住人は唐突に話題を変え、壁際にずらっと並んだ棚を示した。


“苦しみ食材”、“悩み調味料”……

棚には数えきれない程の種類か並んでいた。

どれもこれも体に悪そうなものばかり。


『これを見せるとみんなが誉めるのよ。すごいですねって。鍋の大きさや、かき混ぜ方を誉めてくれた人もいたわ』


確かにすごい数で、棚の上に整理されて置いてあった。


私はその一つを手にとって見てみた。


悩み調味料のラベルには

“まばたきすること”

と書いてあった。


違うものを見てみると

“息を吸うこと”、“聞こえること”

などがあった。


「?、この “息を吸うこと” は、楽しみ調味料にもなりますよね?」


すると住人はすごい形相になり、私の手にあった調味料を荒々しく奪い取って瓶ごと鍋の中へ放り込んだ。
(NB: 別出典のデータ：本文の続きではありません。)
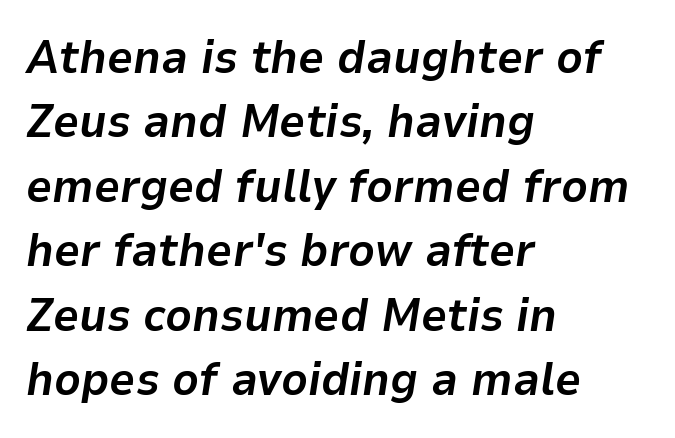
You could call the tracking neutral — neither tight nor loose. Interline gaps are of average width in this sample. The paragraph has a hard left edge and a soft right edge. Any mark beneath the type? The region is blank. The rendering uses a bold face; every stroke is thick and dark. Think of a printed novel: that variable character pitch is what you see here.
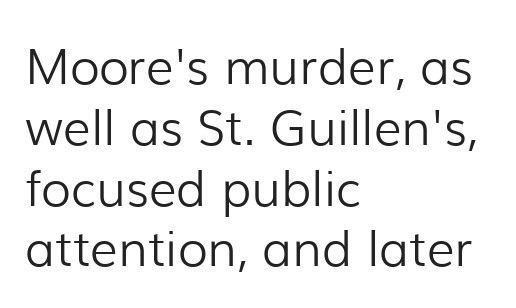
{"serif": "no", "italic": "no", "bold": "no", "weight": "light", "width": "normal", "stroke_contrast": "low", "x_height": "medium", "monospaced": "no", "underline": "no", "align": "left", "line_spacing_ratio": 1.24, "letter_spacing": "normal", "letter_spacing_em": 0.0, "glyph_px": 49}
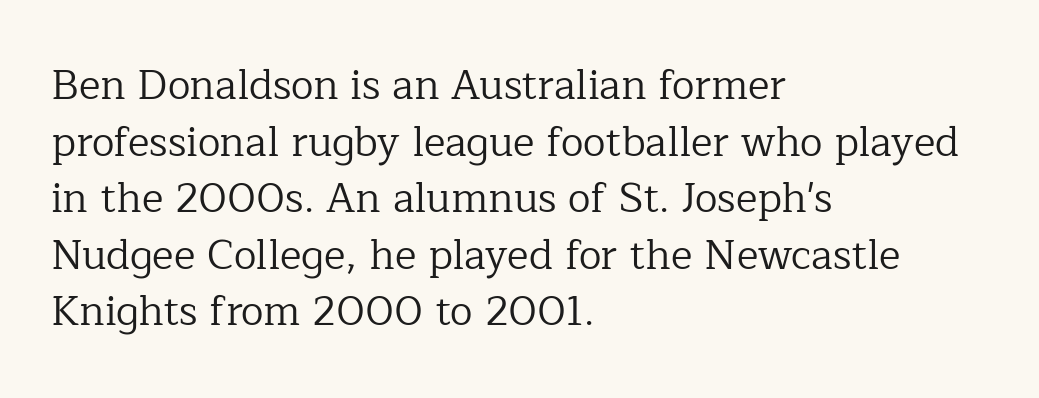
Q: Is the text bold? A: No.
Q: Is the text italic (slanted)? A: No, it is upright.
Q: Is the typeface a serif or a sans-serif typeface? A: Serif.
Q: Is the text underlined? A: No.
Q: How is the paragraph aligned? A: Left-aligned.
Q: Is the spacing between letters normal or unusually wide? A: Normal.
Q: Is the spacing between lines tight, normal or loose? A: Normal.
Q: Width (condensed, normal, or wide)? A: Normal.
Q: Stroke contrast? A: Low.
Q: x-height? A: Medium.
Q: Monospaced? A: No.
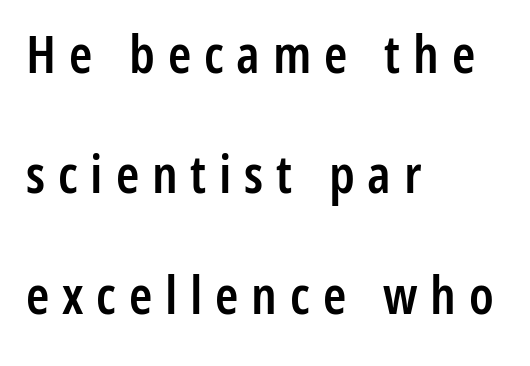
{"serif": "no", "italic": "no", "bold": "semi", "weight": "semibold", "width": "condensed", "stroke_contrast": "low", "x_height": "medium", "monospaced": "no", "underline": "no", "align": "left", "line_spacing": "loose", "line_spacing_ratio": 2.27, "letter_spacing": "wide", "letter_spacing_em": 0.24, "glyph_px": 53}
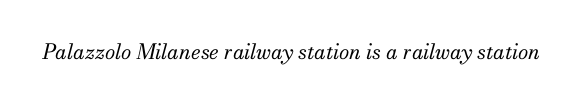
The image shows 21 px text type, italic (leaning right); set normal letter spacing, not underlined.
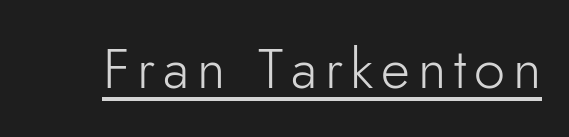
Spacing verdict: proportional, widths tailored to each character. Stroke mass is kept to a normal reading level or below. Serifs: no, the terminals of the letterforms are clean. The string is rendered with underlining switched on. Style check: upright.
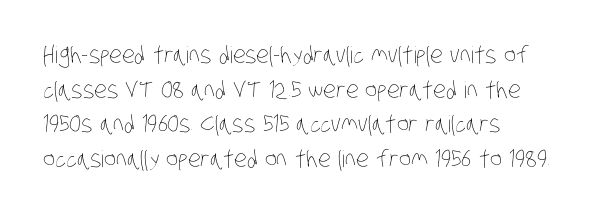
The image shows 23 px text type; set left-aligned, normal line spacing (1.51x), normal letter spacing, not underlined.
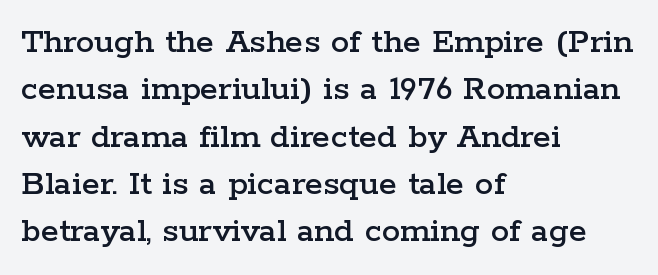
The type family on display is of the serif kind. The type is set solid horizontally, with unmodified tracking. Line starts are locked; line ends wander. These lines are rendered in a variable-pitch font. Each row of text sits above clean, open space. Does the lettering tilt? It doesn't — this is upright.
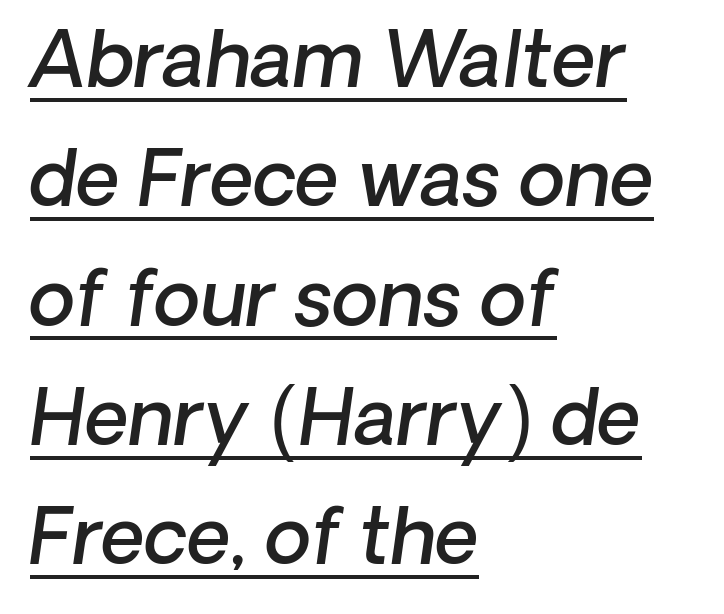
This sample has the flowing, uneven cadence of proportional lettering. Type style note: lacks serifs. How are the letters spaced? Ordinarily, with no added tracking. Slightly chunky letters — semibold, I'd say, not full bold. Leading: standard. These lines are set flush left with a ragged right edge.
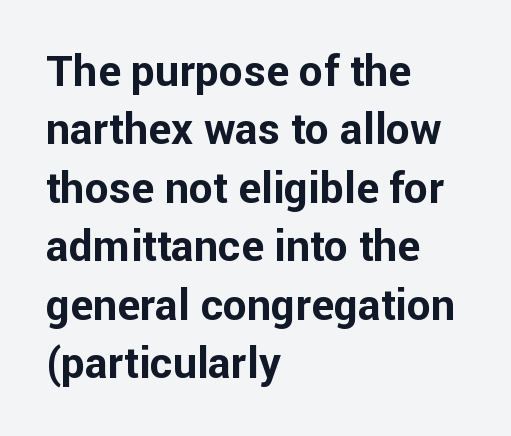
{"serif": "no", "italic": "no", "bold": "yes", "weight": "bold", "width": "normal", "stroke_contrast": "low", "x_height": "medium", "monospaced": "no", "underline": "no", "align": "left", "line_spacing": "normal", "line_spacing_ratio": 1.36, "letter_spacing": "normal", "letter_spacing_em": 0.0, "glyph_px": 43}
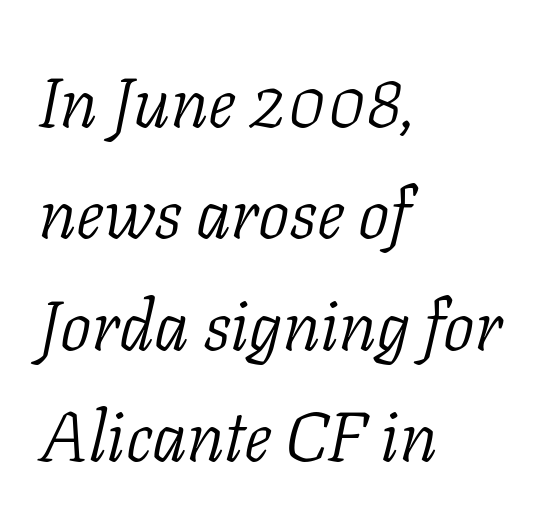
The image shows 70 px light serif type, italic (leaning right); set left-aligned, normal line spacing (1.59x), normal letter spacing, not underlined; low stroke contrast and a medium x-height.
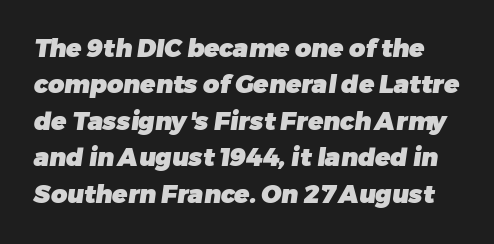
Observe the ordinary spacing: letters are neighbours, not strangers. The space between consecutive lines is moderate. Heavy-handed strokes throughout: this text is bold. Descender tails drop into unmarked territory.
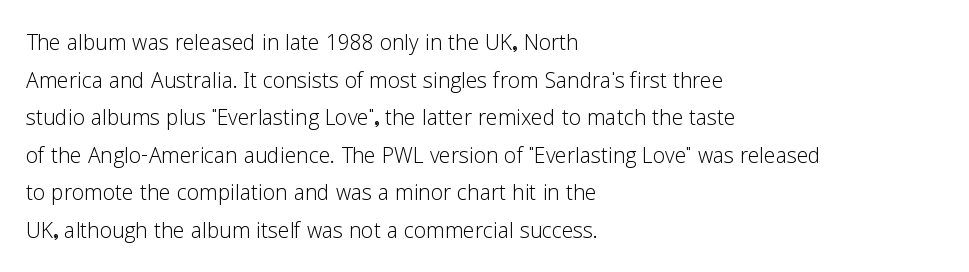
The image shows 28 px light sans-serif type, upright; set left-aligned, normal line spacing (1.34x), normal letter spacing, not underlined; low stroke contrast and a medium x-height.
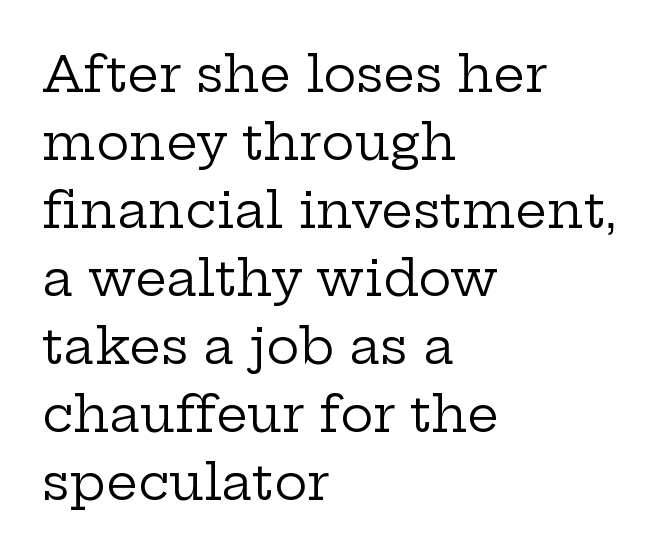
{"serif": "yes", "italic": "no", "bold": "no", "weight": "regular", "width": "wide", "stroke_contrast": "low", "x_height": "medium", "monospaced": "no", "underline": "no", "align": "left", "line_spacing": "normal", "line_spacing_ratio": 1.36, "letter_spacing": "normal", "letter_spacing_em": 0.0, "glyph_px": 50}
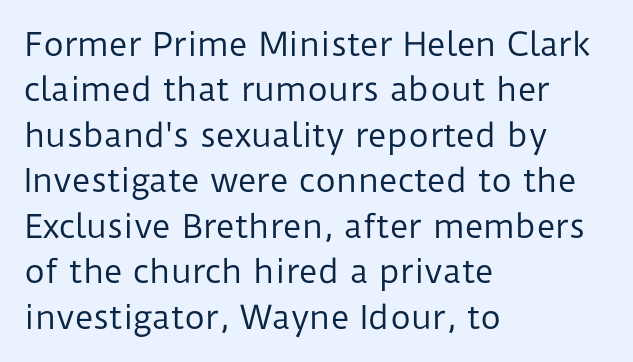
{"serif": "no", "italic": "no", "bold": "no", "weight": "regular", "width": "normal", "stroke_contrast": "low", "x_height": "medium", "monospaced": "no", "underline": "no", "align": "left", "line_spacing": "normal", "line_spacing_ratio": 1.42, "letter_spacing": "normal", "letter_spacing_em": 0.0, "glyph_px": 32}
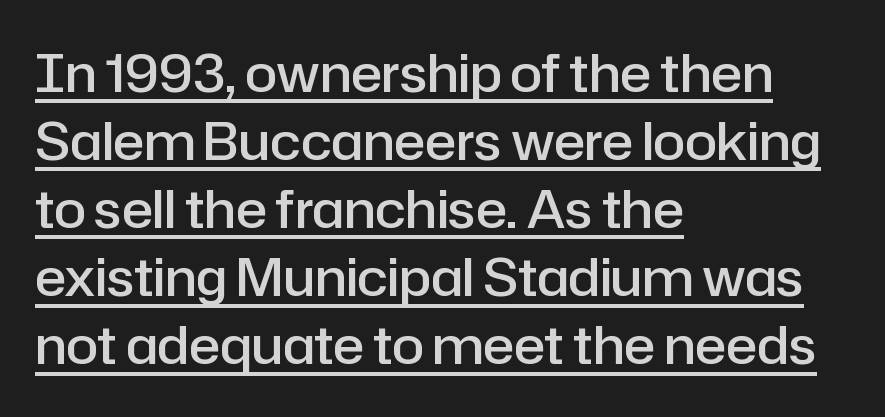
The image shows 52 px semibold sans-serif type, upright; set left-aligned, normal line spacing (1.31x), normal letter spacing, underlined; low stroke contrast and a medium x-height.
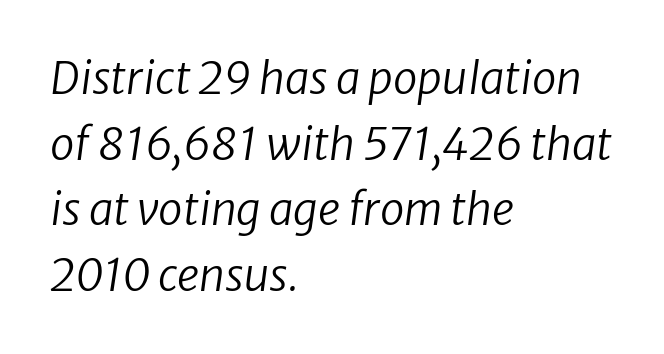
What's the leading like? Ordinary, nothing unusual. No chunkiness to these letters — they're not bold. The paragraph shown leans on its left margin. You could call the tracking neutral — neither tight nor loose. The specimen omits any rule beneath the text block's lines.
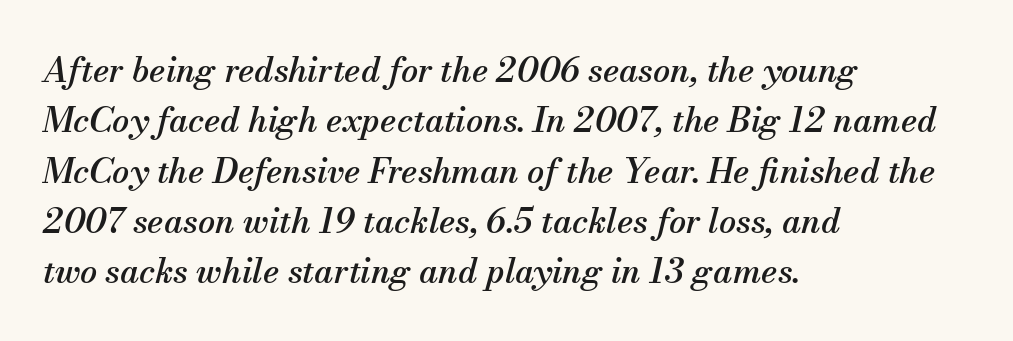
The space directly below the letters is spotless. Layout note: lines flush left. Slant detected: the letters are inclined. A serif font was chosen for this passage. Spacing verdict: proportional, widths tailored to each character. The face used here is rendered with its standard letterfit.
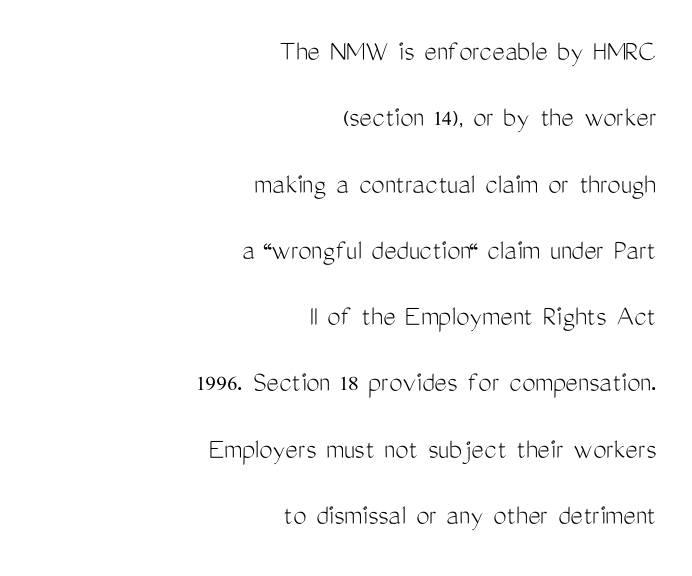
{"serif": "no", "italic": "no", "bold": "no", "weight": "light", "width": "condensed", "stroke_contrast": "medium", "x_height": "medium", "monospaced": "no", "underline": "no", "align": "right", "line_spacing": "loose", "line_spacing_ratio": 2.21, "letter_spacing": "normal", "letter_spacing_em": 0.0, "glyph_px": 30}
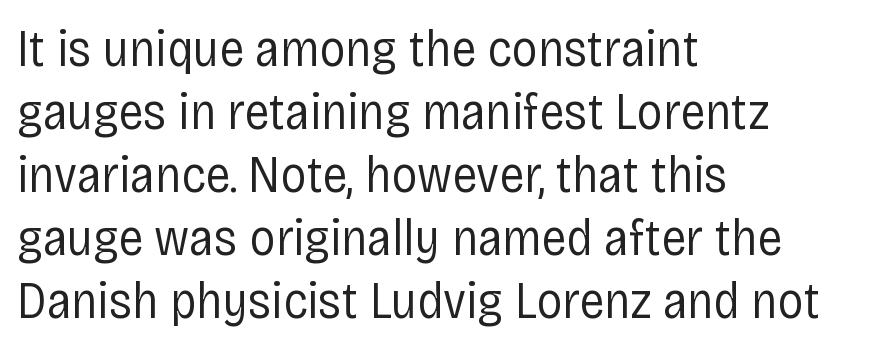
{"serif": "no", "italic": "no", "bold": "no", "weight": "regular", "width": "condensed", "stroke_contrast": "low", "x_height": "large", "monospaced": "no", "underline": "no", "align": "left", "line_spacing_ratio": 1.21, "letter_spacing": "normal", "letter_spacing_em": 0.0, "glyph_px": 52}
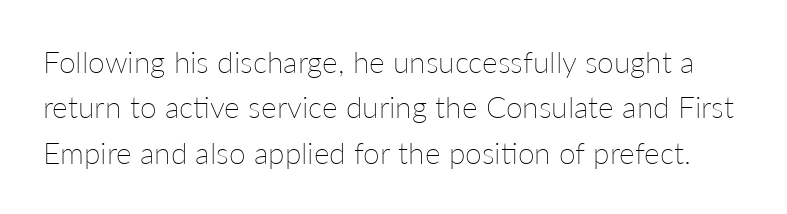
The face used here is proportionally spaced, like ordinary book or web type. No italicization has been applied; the sample stays upright. Between one letter and the next there's only the usual sliver of space. The rendering uses a moderate line-height, typical for paragraphs. The passage shown is not underscored anywhere. These glyphs show unthickened strokes, regular width or finer.
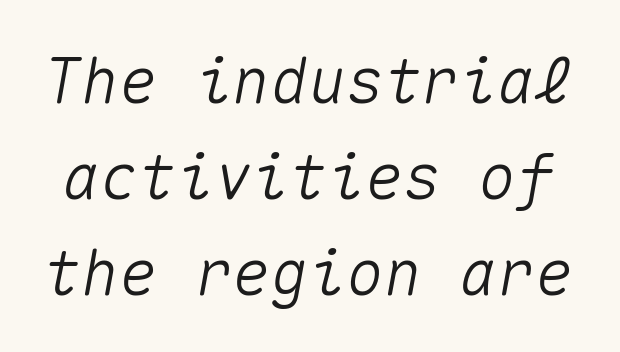
{"italic": "yes", "lean": "right", "slant_degrees": 10, "width": "normal", "stroke_contrast": "medium", "x_height": "medium", "monospaced": "yes", "underline": "no", "line_spacing": "normal", "line_spacing_ratio": 1.52, "letter_spacing": "normal", "letter_spacing_em": 0.0, "glyph_px": 63}
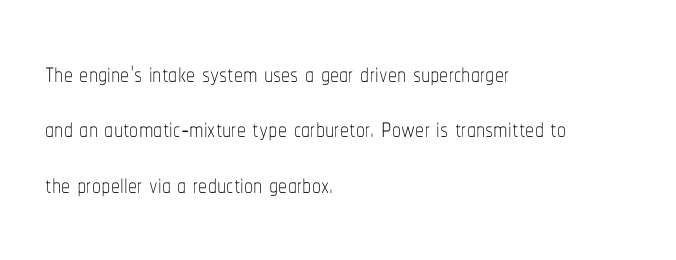
The letters sit at their default tracking, neither squeezed nor spread. Typeset ragged right — the left edge is the straight one. Each stroke keeps to a modest, everyday thickness or less. Is there much room between lines? A standard amount, neither cramped nor airy. The string is rendered with underlining switched off.
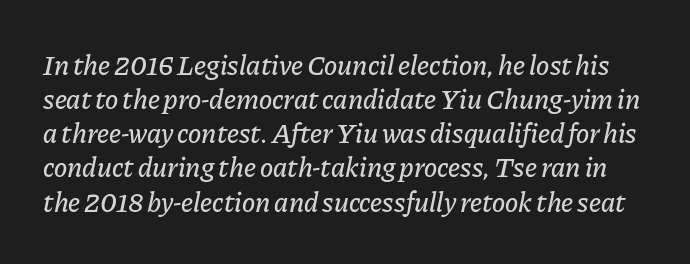
Q: Is the text italic (slanted)? A: Yes, it leans right by about 11 degrees.
Q: Is the text underlined? A: No.
Q: Is the spacing between letters normal or unusually wide? A: Normal.
Q: Width (condensed, normal, or wide)? A: Normal.
Q: Stroke contrast? A: Low.
Q: x-height? A: Medium.
Q: Monospaced? A: No.
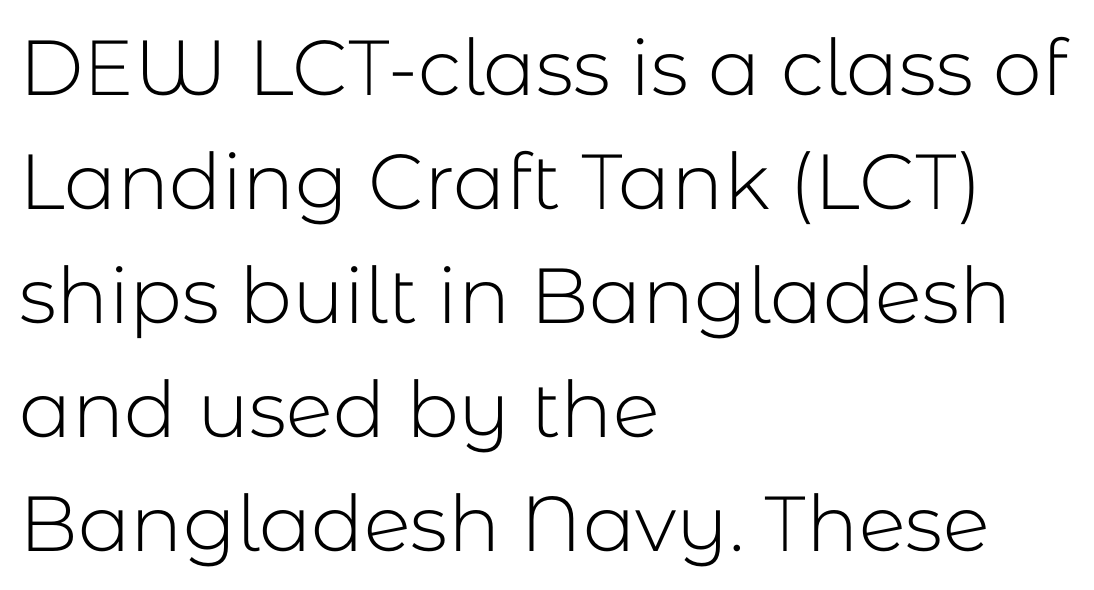
The glyphs in this specimen are sans serif. Nothing unusual about the tracking: characters are spaced as the font intends. Left-aligned paragraph, ragged on the right. No chunkiness to these letters — they're not bold. Horizontal bands of white between lines are of average thickness. The gap between lines stays unmarked.
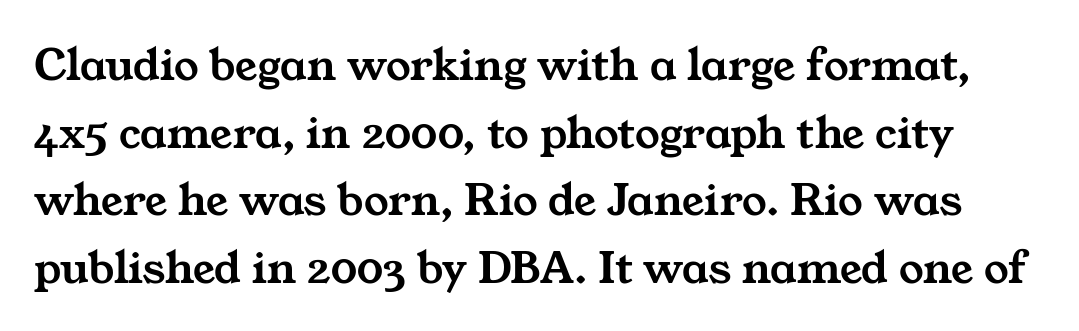
The tracking reads as untouched default to a designer's eye. The designer went with a serif here, giving each stem small feet. These lines sit exactly where default settings would place them. This rendering features lettering with no underline. These lines are rendered in a variable-pitch font.
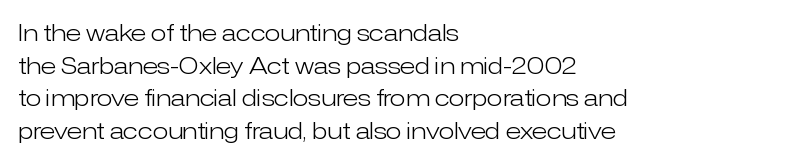
{"italic": "no", "bold": "no", "underline": "no", "align": "left", "line_spacing": "normal", "line_spacing_ratio": 1.42, "letter_spacing": "normal", "letter_spacing_em": 0.0, "glyph_px": 23}

さきほどの “素朴な疑問” のような質問は、見事にもみ消された。



『誉めてくれない人はキライなの。私の思い通りの言葉をくれないとイヤなのよ』



私は再び誉めどころを探してみたが、疑問しか思い浮かばない。

まだひとつも住人に対して根本的な理解をしていないからだ。


「この大鍋、何で煮詰め続けているのですか?」

“素朴な疑問” のような質問が続いてしまう。


『…』


「美味しく食べる為に煮詰めているのですか?」


『そ…そうなのよ。美味しくなるように煮詰めているのよ!』


「では、何故増え続けているのですか?」



『…私、寂しいの』

答えたくない質問には沈黙か、話題を変えることで無かったことにするらしい。


「なんで寂しいのですか?」


『私のことを理解してくれる人がいないからよ!』


「ええと…先ほど私が質問したのは、あなたを理解するためのものですが…」


『私に都合の良い質問しか受け付けないの!』



ここの住人に都合が良い質問とは何だろう?

何も理解していないのに、上手く質問できるだろうか?



とても難しい問題だ、と私は思った。